Unnamed: 0,text,airline_sentiment,labels
0,What said.,neutral,1
1,plus you've added commercials to the experienc...,positive,2
2,I didn't today... Must mean I need to take ano...,neutral,1
3,"it's really aggressive to blast obnoxious ""ent...",negative,0
4,and it's a really big bad thing about it,negative,0


In [None]:
# 2. Map sentiment labels to integers
# We'll use: 0 = negative, 1 = neutral, 2 = positive
label_map = {'negative': 0, 'neutral': 1, 'positive': 2}
df['labels'] = df['airline_sentiment'].map(label_map)

In [None]:
# 3. Clean the text
def clean_text(text):
    text = re.sub(r'@\w+', '', text)  # Remove @mentions
    text = re.sub(r'http\S+', '', text) # Remove URLs
    text = text.strip() # Remove leading/trailing whitespace
    return text

df['text'] = df['text'].apply(clean_text)

# Drop rows where sentiment mapping might have failed (if any)
df = df.dropna(subset=['labels'])
df['labels'] = df['labels'].astype(int)

In [None]:
# 4. Split the data into training and testing sets (80% train, 20% test)
train_df, test_df = train_test_split(
    df,
    test_size=0.2,
    random_state=42,
    stratify=df['labels']  # Important for imbalanced datasets!
)

print(f"Original dataset shape: {df.shape}")
print(f"Training dataset shape: {train_df.shape}")
print(f"Testing dataset shape: {test_df.shape}")

print("\nTraining set sentiment distribution:")
print(train_df['airline_sentiment'].value_counts(normalize=True))

print("\nTesting set sentiment distribution:")
print(test_df['airline_sentiment'].value_counts(normalize=True))

In [None]:
# 5. Save the processed data to files for the next step
train_df.to_csv('./data/train_processed.csv', index=False)
test_df.to_csv('./data/test_processed.csv', index=False)

print("\n'train_processed.csv' and 'test_processed.csv' have been created in the './data/' directory.")

Original dataset shape: (14640, 3)
Training dataset shape: (11712, 3)
Testing dataset shape: (2928, 3)

Training set sentiment distribution:
airline_sentiment
negative    0.626964
neutral     0.211663
positive    0.161373
Name: proportion, dtype: float64

Testing set sentiment distribution:
airline_sentiment
negative    0.626708
neutral     0.211749
positive    0.161544
Name: proportion, dtype: float64

'train_processed.csv' and 'test_processed.csv' have been created.
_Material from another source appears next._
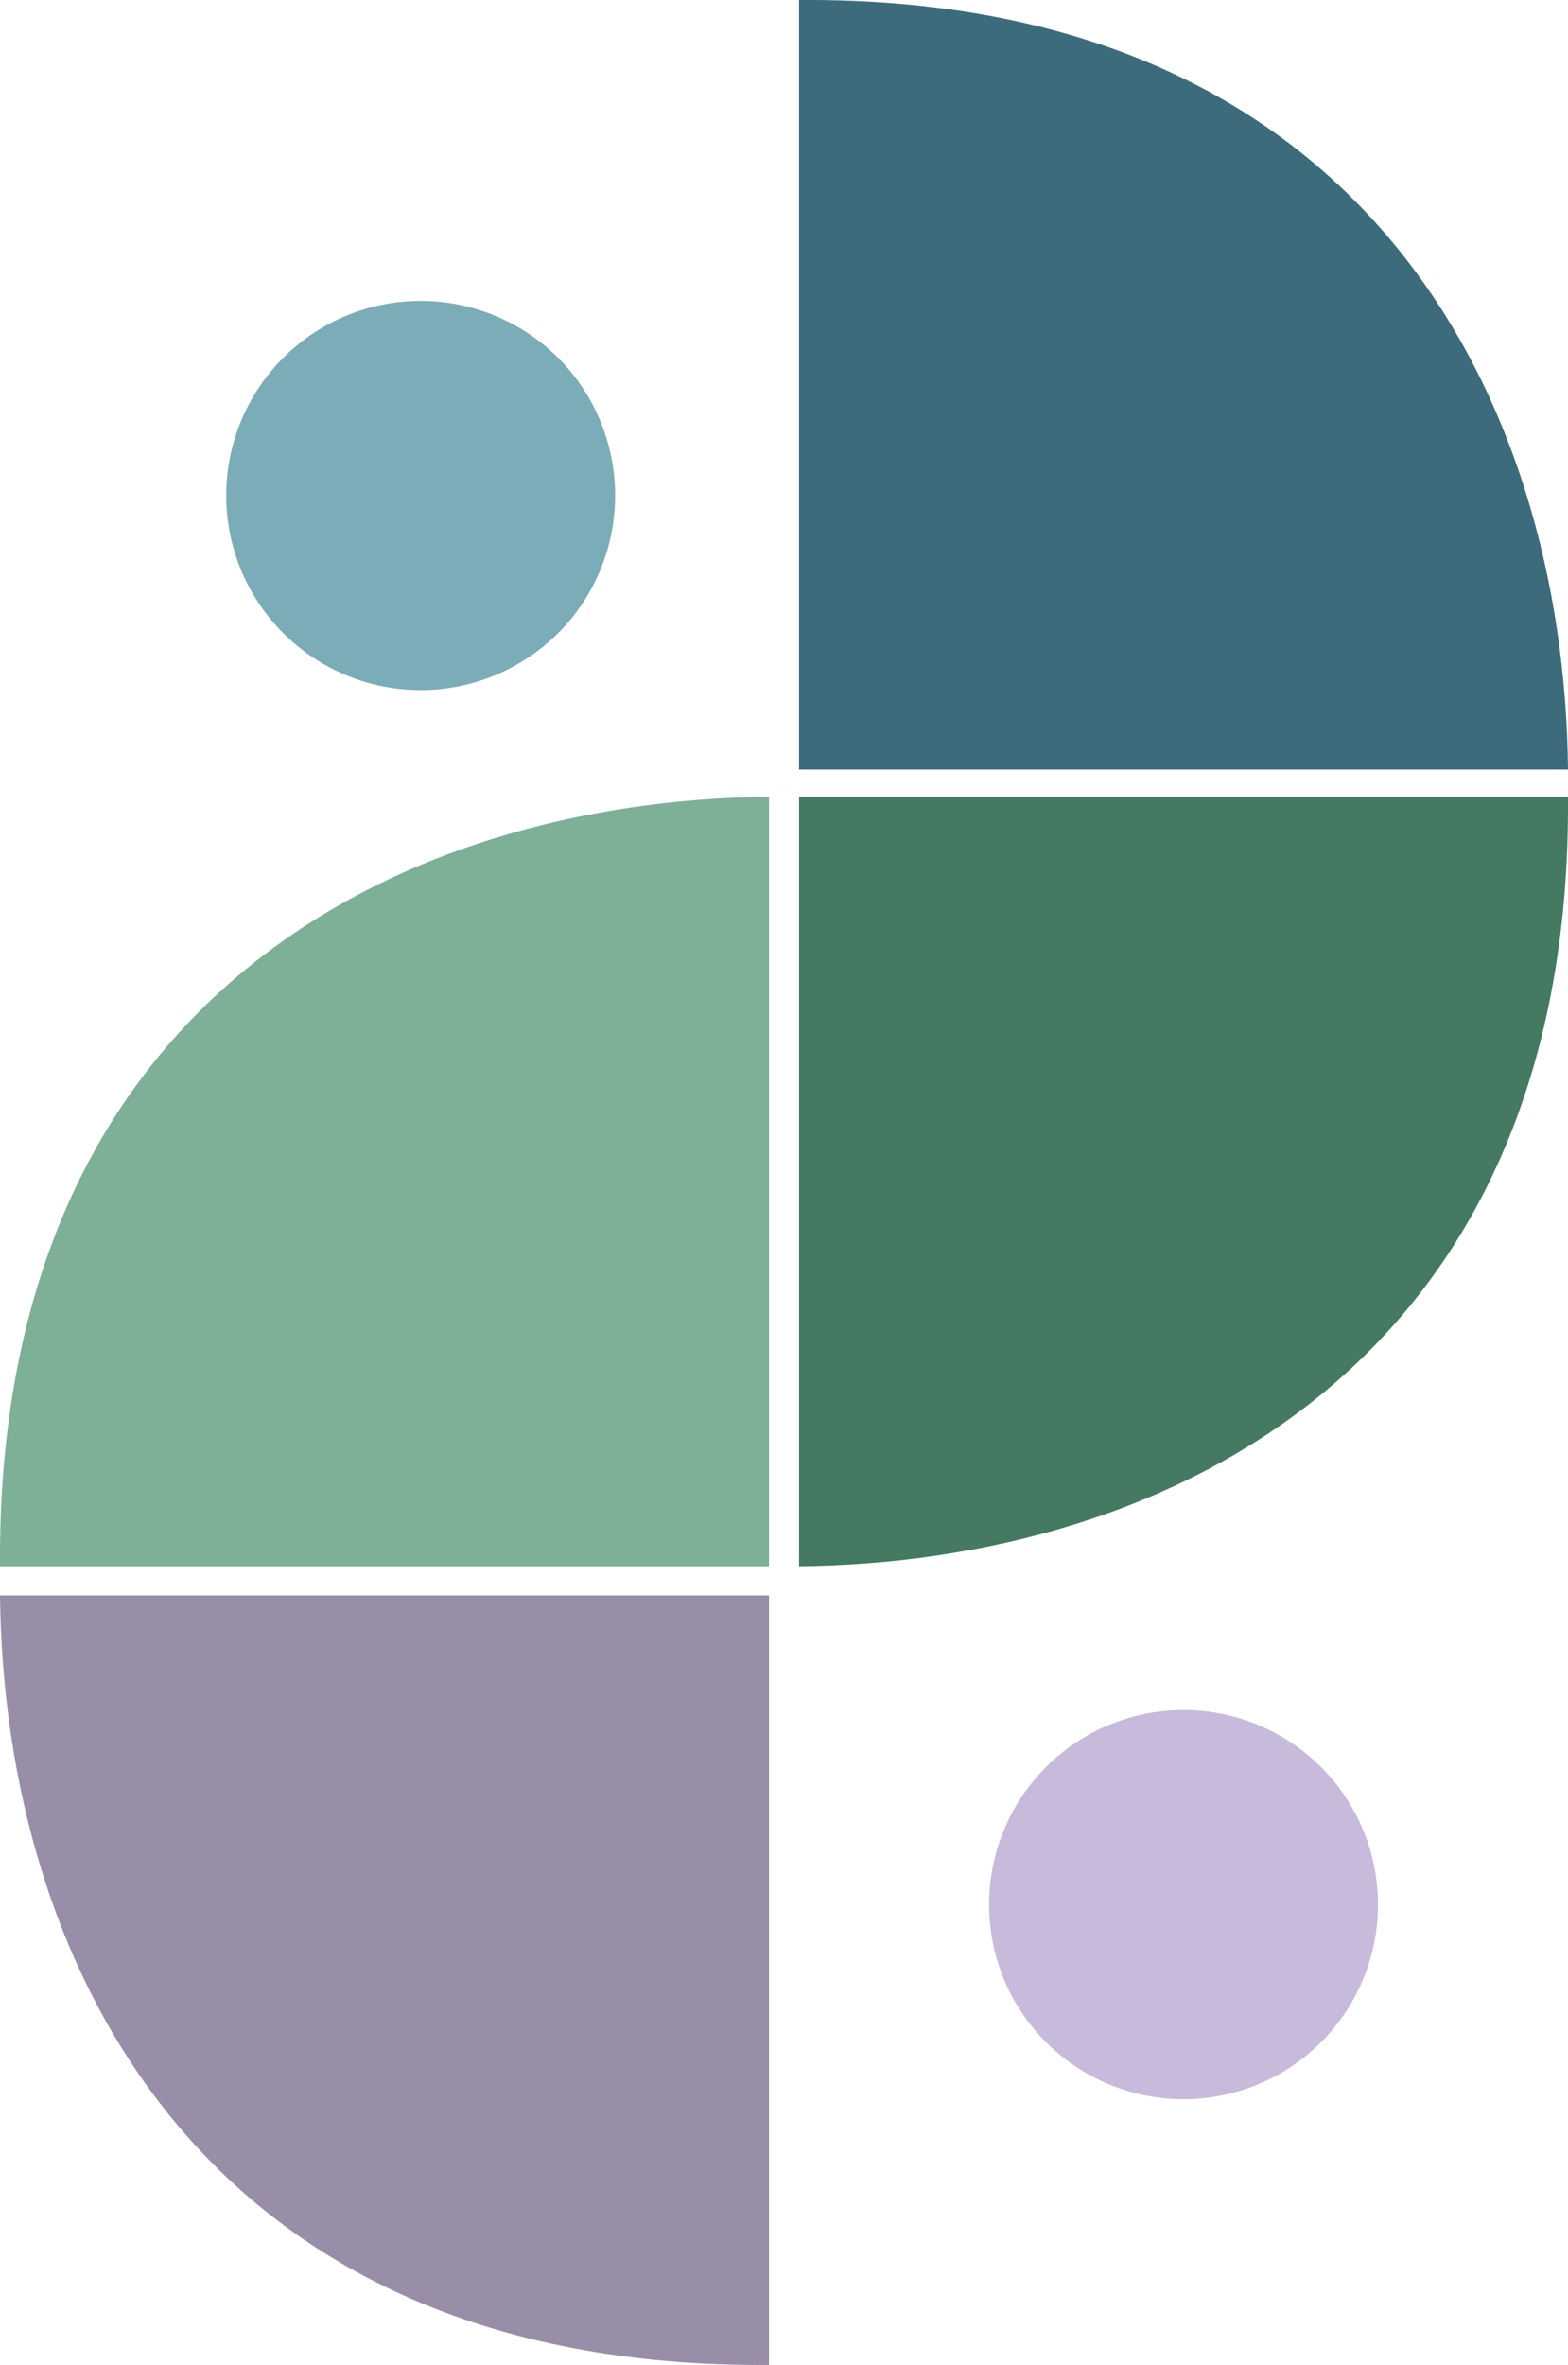 <svg xmlns="http://www.w3.org/2000/svg" xmlns:xlink="http://www.w3.org/1999/xlink" width="133.59" height="201.348" viewBox="0 0 133.59 201.348"><defs><clipPath id="clip-path"><rect id="Rettangolo_67" data-name="Rettangolo 67" width="133.59" height="201.348" fill="none"></rect></clipPath></defs><g id="Raggruppa_69" data-name="Raggruppa 69" transform="translate(0)"><g id="Raggruppa_68" data-name="Raggruppa 68" transform="translate(0.001)" clip-path="url(#clip-path)"><path id="Tracciato_97" data-name="Tracciato 97" d="M65.515,44.023v65.515H0c-.348-48.266,34.06-65.184,65.512-65.515" transform="translate(0 23.808)" fill="#7db097"></path><path id="Tracciato_98" data-name="Tracciato 98" d="M44.182,109.537V44.022h65.512c.348,48.266-34.06,65.184-65.512,65.515" transform="translate(23.894 23.808)" fill="#447a62"></path><path id="Tracciato_99" data-name="Tracciato 99" d="M0,88.156H65.516v65.512C17.249,154.017.331,119.609,0,88.156" transform="translate(0 47.676)" fill="#998ea7"></path><path id="Tracciato_100" data-name="Tracciato 100" d="M109.7,65.514H44.181V0c48.266-.348,65.184,34.06,65.516,65.512" transform="translate(23.894 0)" fill="#3c6c7c"></path><path id="Tracciato_101" data-name="Tracciato 101" d="M45.64,33.191A16.566,16.566,0,1,1,29.075,16.626,16.566,16.566,0,0,1,45.64,33.191" transform="translate(6.765 8.992)" fill="#7badb8"></path><path id="Tracciato_102" data-name="Tracciato 102" d="M87.822,111.052A16.566,16.566,0,1,1,71.257,94.487a16.566,16.566,0,0,1,16.565,16.565" transform="translate(29.577 51.1)" fill="#c7bada"></path></g></g></svg>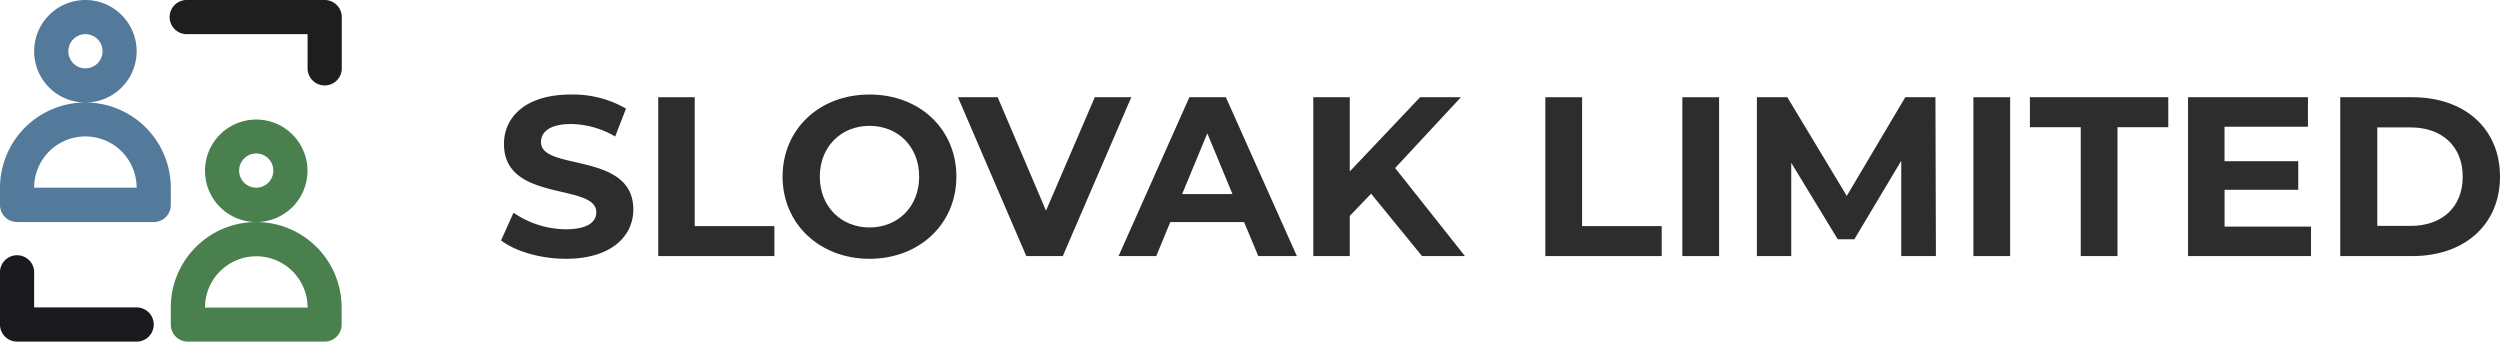 <svg xmlns="http://www.w3.org/2000/svg" viewBox="0 0 479.54 65.53"><defs><style>.cls-1{fill:#4a7f4e;}.cls-2{fill:#53799b;}.cls-3{fill:#1e1e1e;}.cls-4{fill:#1a1a1e;}.cls-5{fill:#2d2d2d;}</style></defs><g id="Layer_2" data-name="Layer 2"><g id="Layer_1-2" data-name="Layer 1"><g id="Card"><path class="cls-1" d="M49.14,42.59a9.83,9.83,0,1,0-9.82-9.83,9.83,9.83,0,0,0,9.82,9.83A16.39,16.39,0,0,0,32.76,59v3.28A3.28,3.28,0,0,0,36,65.53H62.25a3.28,3.28,0,0,0,3.28-3.28V59A16.39,16.39,0,0,0,49.14,42.59Zm-3.27-9.83A3.28,3.28,0,1,1,49.14,36,3.27,3.27,0,0,1,45.87,32.76ZM39.32,59h0A9.83,9.83,0,1,1,59,59Z"/><path class="cls-2" d="M3.28,42.59H29.49a3.26,3.26,0,0,0,3.27-3.27V36A16.38,16.38,0,0,0,16.38,19.66,9.83,9.83,0,1,0,6.55,9.83a9.83,9.83,0,0,0,9.83,9.83A16.38,16.38,0,0,0,0,36v3.28A3.27,3.27,0,0,0,3.28,42.59ZM13.11,9.83a3.28,3.28,0,1,1,3.27,3.28A3.27,3.27,0,0,1,13.11,9.83ZM6.55,36a9.83,9.83,0,0,1,19.66,0Z"/><path class="cls-3" d="M62.25,0H36a3.28,3.28,0,1,0,0,6.55H59v6.56a3.28,3.28,0,0,0,6.56,0V3.28A3.28,3.28,0,0,0,62.25,0Z"/><path class="cls-4" d="M26.21,65.53a3.28,3.28,0,0,0,0-6.56H6.55V52.42a3.28,3.28,0,1,0-6.55,0v9.83a3.28,3.28,0,0,0,3.28,3.28Z"/></g><path class="cls-5" d="M96.11,46.11,98.5,40.8a17.94,17.94,0,0,0,10,3.18c4.18,0,5.88-1.39,5.88-3.26,0-5.7-17.71-1.79-17.71-13.1,0-5.18,4.17-9.49,12.83-9.49a20.4,20.4,0,0,1,10.58,2.7L118,26.18a17.19,17.19,0,0,0-8.44-2.39c-4.18,0-5.79,1.56-5.79,3.48,0,5.61,17.71,1.74,17.71,12.92,0,5.1-4.22,9.45-12.92,9.45C103.68,49.64,98.81,48.2,96.11,46.11Z"/><path class="cls-5" d="M126.26,18.65h7V43.37h15.28v5.75H126.26Z"/><path class="cls-5" d="M150.11,33.88c0-9.05,7-15.75,16.67-15.75s16.67,6.66,16.67,15.75-7.1,15.76-16.67,15.76S150.11,42.94,150.11,33.88Zm26.2,0c0-5.78-4.09-9.74-9.53-9.74s-9.53,4-9.53,9.74,4.09,9.75,9.53,9.75S176.31,39.67,176.31,33.88Z"/><path class="cls-5" d="M217,18.65,203.86,49.12h-7L183.75,18.65h7.62l9.27,21.76L210,18.65Z"/><path class="cls-5" d="M238.63,42.59H224.48l-2.69,6.53h-7.23l13.58-30.47h7l13.62,30.47h-7.4Zm-2.22-5.36-4.83-11.66-4.83,11.66Z"/><path class="cls-5" d="M263,37.15l-4.09,4.26v7.71h-7V18.65h7V32.88L272.4,18.65h7.83L267.61,32.23,281,49.12h-8.23Z"/><path class="cls-5" d="M296.42,18.65h7.05V43.37h15.27v5.75H296.42Z"/><path class="cls-5" d="M322.7,18.65h7.05V49.12H322.7Z"/><path class="cls-5" d="M364.69,49.12l0-18.28-9,15.06h-3.18l-8.92-14.67V49.12H337V18.65h5.84l11.4,18.93,11.22-18.93h5.79l.09,30.47Z"/><path class="cls-5" d="M378.53,18.65h7.05V49.12h-7.05Z"/><path class="cls-5" d="M399.12,24.4h-9.75V18.65h26.54V24.4h-9.74V49.12h-7.05Z"/><path class="cls-5" d="M443.29,43.46v5.66H419.7V18.65h23v5.66h-16v6.61h14.14v5.49H426.71v7.05Z"/><path class="cls-5" d="M448.9,18.65h13.84c10,0,16.8,6,16.8,15.23s-6.84,15.24-16.8,15.24H448.9Zm13.49,24.68c6.05,0,10-3.61,10-9.45s-4-9.44-10-9.44H456V43.33Z"/></g></g></svg>

## Create the Baseline Model

In [None]:
import pandas as pd
import numpy as np
import datasets
import torch  
from datasets import Dataset
from sklearn.metrics import accuracy_score, f1_score
from transformers import (
    AutoTokenizer,
    AutoModelForSequenceClassification,
    TrainingArguments,
    Trainer
)

# Auto-detect GPU (CUDA or Apple Silicon 'mps') ---
if torch.cuda.is_available():
    device = torch.device("cuda")
    print("GPU: Using CUDA (NVIDIA GPU)")
elif torch.backends.mps.is_available():
    device = torch.device("mps")
    print("GPU: Using MPS (Apple Silicon GPU)")
else:
    device = torch.device("cpu")
    print("GPU: Using CPU")



# --- 1. Load Preprocessed Data ---
try:
    train_df = pd.read_csv('./data/train_processed.csv')
    test_df = pd.read_csv('./data/test_processed.csv')
except FileNotFoundError:
    print("Error: 'train_processed.csv' or 'test_processed.csv' not found.")
    print("Please ensure Step 2 ran successfully.")
    exit()

train_dataset = Dataset.from_pandas(train_df)
test_dataset = Dataset.from_pandas(test_df)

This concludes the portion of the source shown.